The Evaluation Discipline in Practice
Building the habit of evaluating against intent rather than specification requires a concrete practice that makes the distinction operational. The practice that worked: after every build session, before reporting any issues to the AI, write down what was supposed to happen (from the user’s perspective, not the feature specification), what actually happened when you walked through the primary user scenarios, and what the gap is between those two things.
This three-part structure — supposed to happen, actually happened, gap — forces the evaluation to happen at the intent level rather than the specification level. You are not asking “did the AI build what I said?” You are asking “when a real user does what they would do with this product, does it produce the experience I intended?” The gap between those two questions is where requirements gaps live.
Writing down the evaluation before reporting it also produces more useful feedback to the AI. “The stage editor works as described, but when I walk through the scenario of a user reordering five stages in a single session, it takes approximately twenty clicks where drag-and-drop would take five interactions. The current interaction model is technically correct but creates friction that the intended use case does not call for.” That feedback directs a specific, meaningful correction rather than a vague “improve the reordering.”
How Recent AI Innovations Change This Picture
The requirements gap problem described in this post — the AI producing exactly what was asked for rather than what was needed — is fundamentally a human communication failure, not an AI capability failure. AI innovations do not eliminate the requirements gap by themselves. They do, however, provide new tools for catching requirements gaps before they manifest as expensive builds.
Extended thinking changes the quality of requirements analysis. In the original methodology, a requirements document was handed to the AI and the AI began building. The review step — does the AI’s proposed architecture match what was actually needed? — was entirely dependent on the human’s ability to anticipate gaps at architecture review time. With extended thinking enabled, Claude can reason through a requirements document before proposing an architecture: identifying ambiguities, flagging missing scenarios, questioning assumptions. The AI becomes a requirements reviewer, not just a requirements executor.
MCP integrations change what requirements can reference. Requirements that previously said “integrate with the existing user database” required the human to manually export and document the database schema. With MCP database connections, the AI can query the live schema while reviewing requirements, catching integration mismatches before they become build problems. Requirements gaps related to integration assumptions — which were among the most expensive failures in this case study — become visible before the build starts.

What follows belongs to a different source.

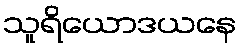
သူရိယောဒယနေ
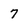
Character: 7
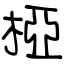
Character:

The Files API, introduced in 2025, allows storing and accessing files across sessions. For requirements management, this means a requirements document is no longer a paste-and-forget artifact: it can be maintained as a living document accessible to the AI across all related sessions. Scope creep becomes detectable by comparing the current session’s direction against the stored requirements document. The human discipline of “scope management” gets AI-assisted enforcement.